■ DIRECTIONS
For the records shown below, return an exact copy that excludes the pictures.

■ RECORDED INFORMATION
________

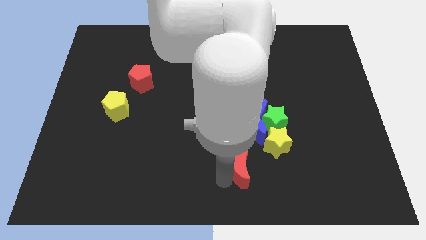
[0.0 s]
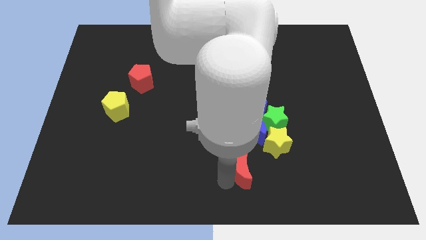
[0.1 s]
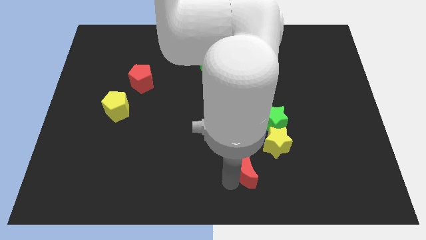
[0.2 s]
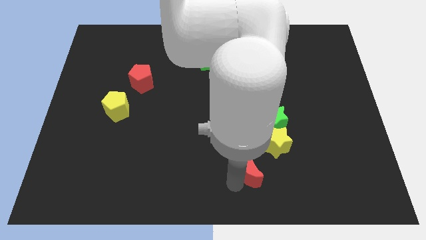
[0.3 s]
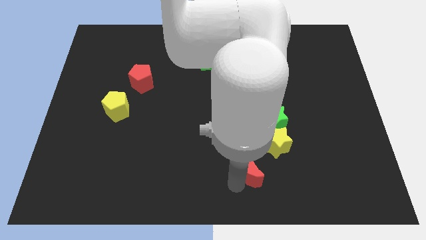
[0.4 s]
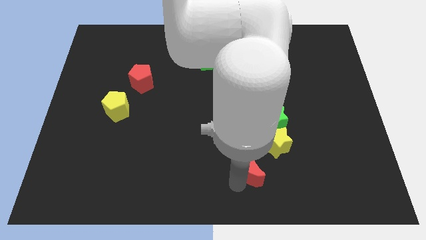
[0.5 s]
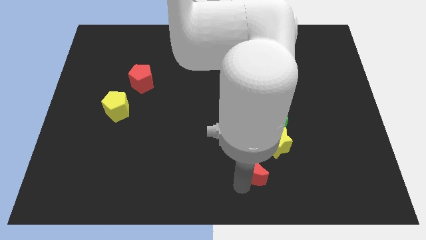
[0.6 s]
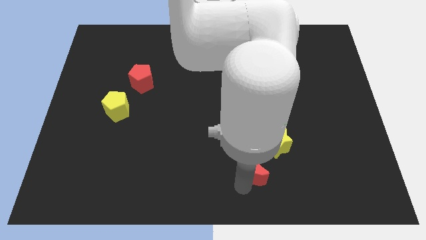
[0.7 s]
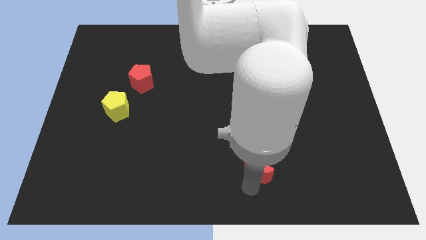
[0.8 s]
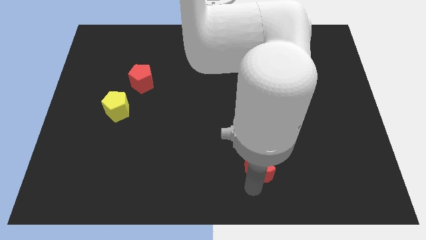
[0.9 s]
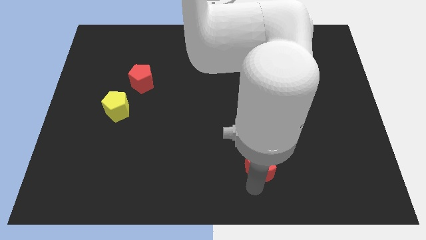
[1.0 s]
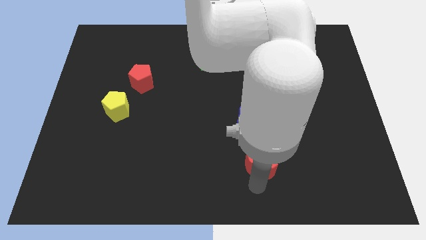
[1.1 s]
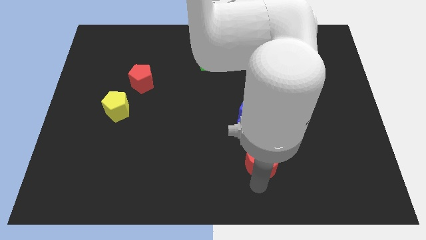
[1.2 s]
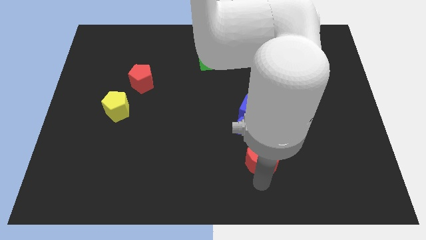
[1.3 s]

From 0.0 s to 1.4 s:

________

■ YOUR RESPONSE
[0.0 s]
[0.1 s]
[0.2 s]
[0.3 s]
[0.4 s]
[0.5 s]
[0.6 s]
[0.7 s]
[0.8 s]
[0.9 s]
[1.0 s]
[1.1 s]
[1.2 s]
[1.3 s]

From 0.0 s to 1.4 s:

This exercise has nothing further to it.